May 18, 1986|CHRIS WILLMAN


It's not just Americans who are rediscovering their roots music. In Europe, the latest "only band that matters" has been the Pogues, who've kicked up a storm all over the Continent merely by playing what can genuinely be called traditional Irish folk music.

They haven't even tempered the old sound all that much with rock 'n' roll; it's pretty much acoustic guitar, snare drum, accordion and uileann (a.k.a. bag) pipes providing most of the sound a lot of the time, even though--now that Stateside release has finally come--the band is being raved about by aggressive rockers as much as the McCabe's crowd.

The by-now famous English review that called the group "the best punk band since the Sex Pistols" had in mind a revisionism that's mostly attitudinal, not musical. Most of what the Pogues do could probably pass muster at a real Irish pub without much ado from the oldsters. It's so basic, yet there's a fury there that's more the stuff of angry young men than imbibers ready for a jig.

Make no mistake, most of the songs on the band's second album (and first U.S. release), "Rum, Sodomy and the Lash," do center around the stereotypical Irish leitmotif-- serious drinking--but with rage and/or pathos, not a sense of happy-hour celebration.

Leader Shane MacGowan sings boozy, street-specific tales of desolation and desecration that might be hard to take if the music wasn't so alternately belligerent and beautiful.

"The Old Main Drag" is the last wheeze of a male prostitute who's been beaten and raped till he hardly has the strength to get up from the sidewalk where he hawks his wares. "And the Band Played Waltzing Matilda" is told by an Australian soldier returning from the Gallipoli massacre of World War I without his legs, a bitter veteran whose only satisfaction comes from the fact that there's no one at the dock to pity him when he returns.

It's not the stuff of which green beer is made, and the doleful morbidity can be overwhelming in large doses, but there are seeds of greatness among all the alcohol-soaked ennui.

Those seeds can be heard growing in "Poguetry in Motion," a new EP released concurrently with the album here that, like its predecessor, is produced by Elvis Costello. Providing probably an even better introduction to the Pogues, the EP shows the band just as capable of songs that have nothing to do with crawling through (and dying in) the streets.

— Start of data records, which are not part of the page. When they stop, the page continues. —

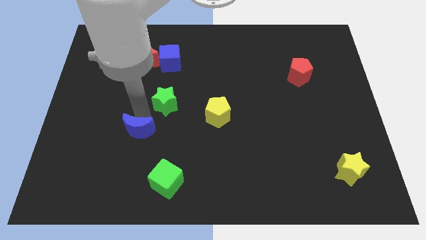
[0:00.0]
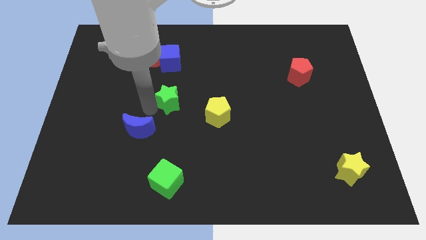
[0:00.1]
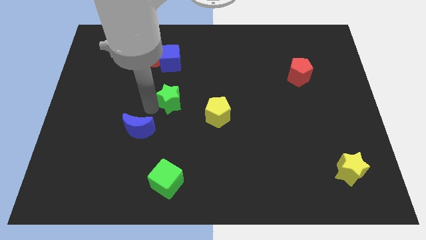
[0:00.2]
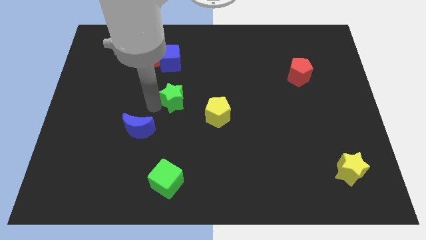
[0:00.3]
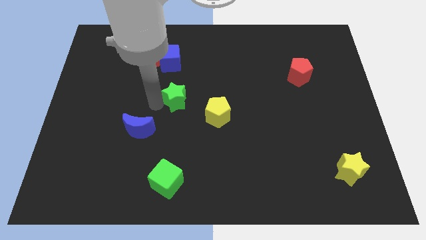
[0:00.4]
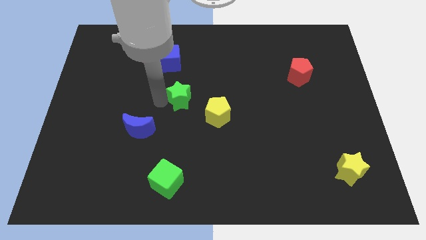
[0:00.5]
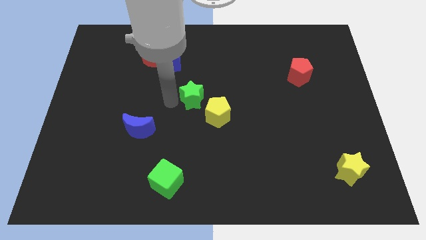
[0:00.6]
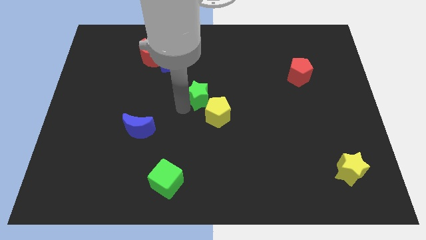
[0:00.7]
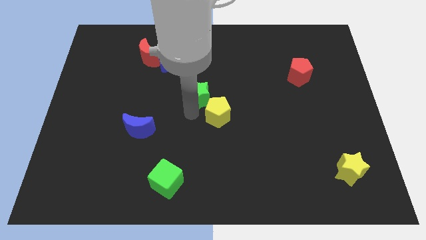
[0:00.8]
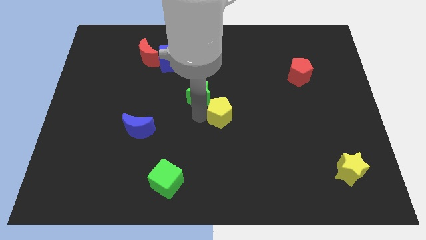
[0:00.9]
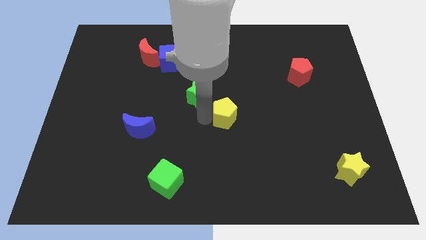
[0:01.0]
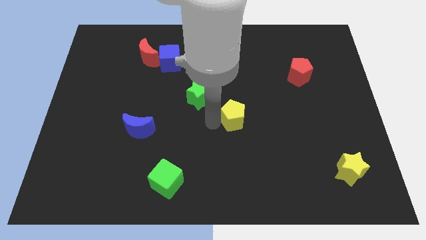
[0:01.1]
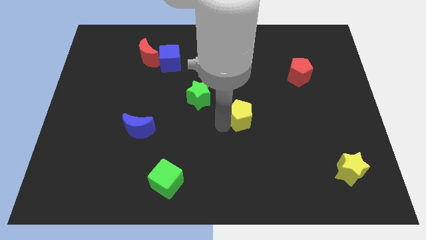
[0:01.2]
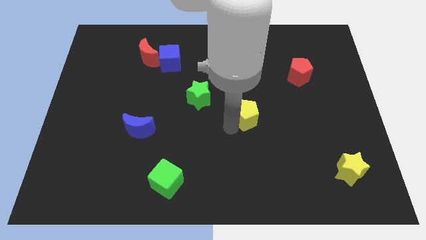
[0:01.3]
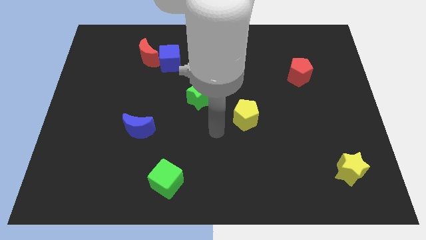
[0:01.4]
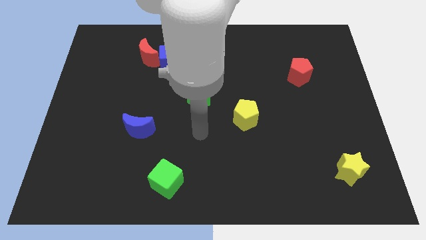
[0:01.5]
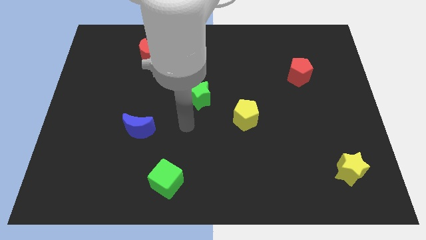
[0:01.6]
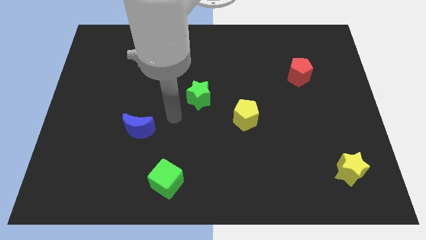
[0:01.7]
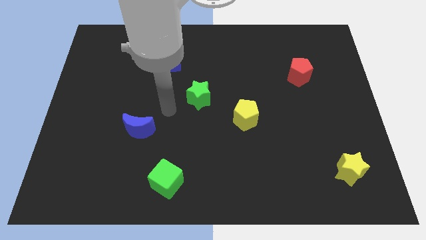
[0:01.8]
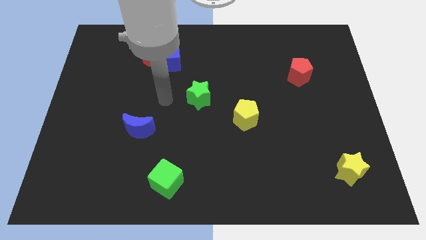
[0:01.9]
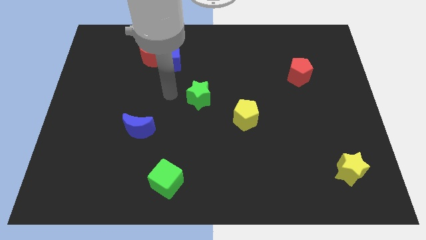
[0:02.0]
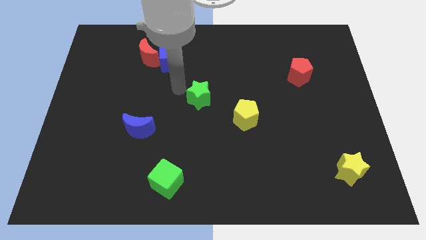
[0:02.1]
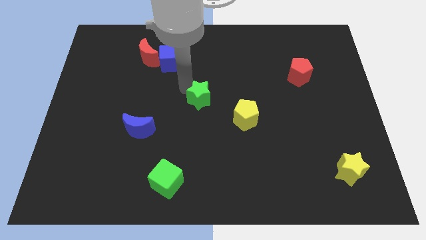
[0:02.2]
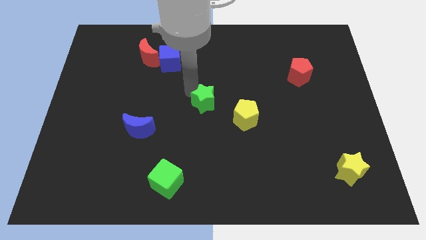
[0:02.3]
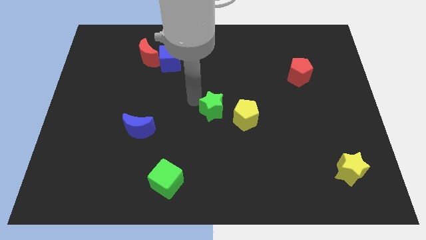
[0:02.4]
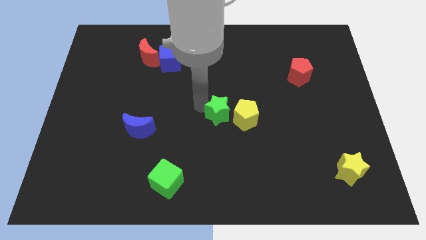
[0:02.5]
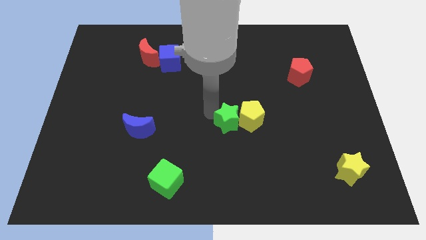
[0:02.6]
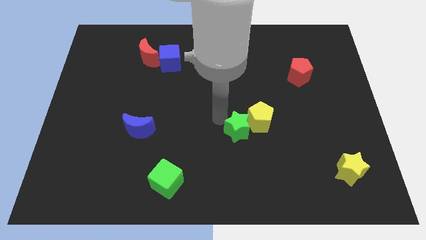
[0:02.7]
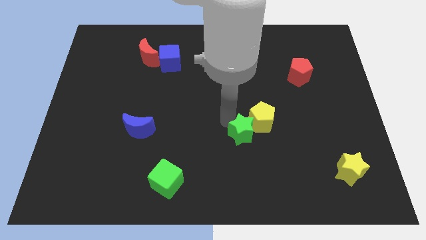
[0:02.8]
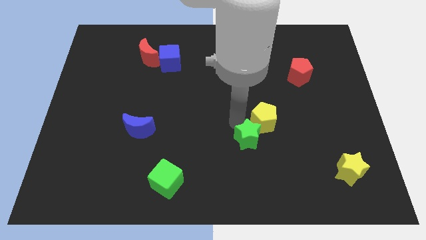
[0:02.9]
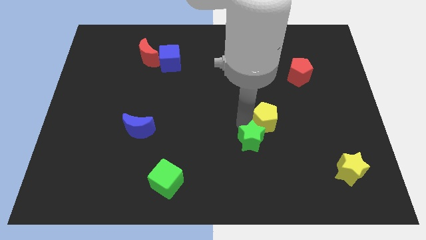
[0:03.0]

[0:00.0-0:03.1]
slide the green star to the bottom left of the yellow pentagon

"London Girl" is remarkably close to rock 'n' roll without forsaking tradition, and "A Rainy Night in Soho" (with the tender refrain, "You're the measure of my dreams") is a surprisingly pretty ballad drenched in unabashedly romantic strings. Both the LP and the EP offer fair warning of one extraordinary European band that'll never be caught dead trying to ape an American accent.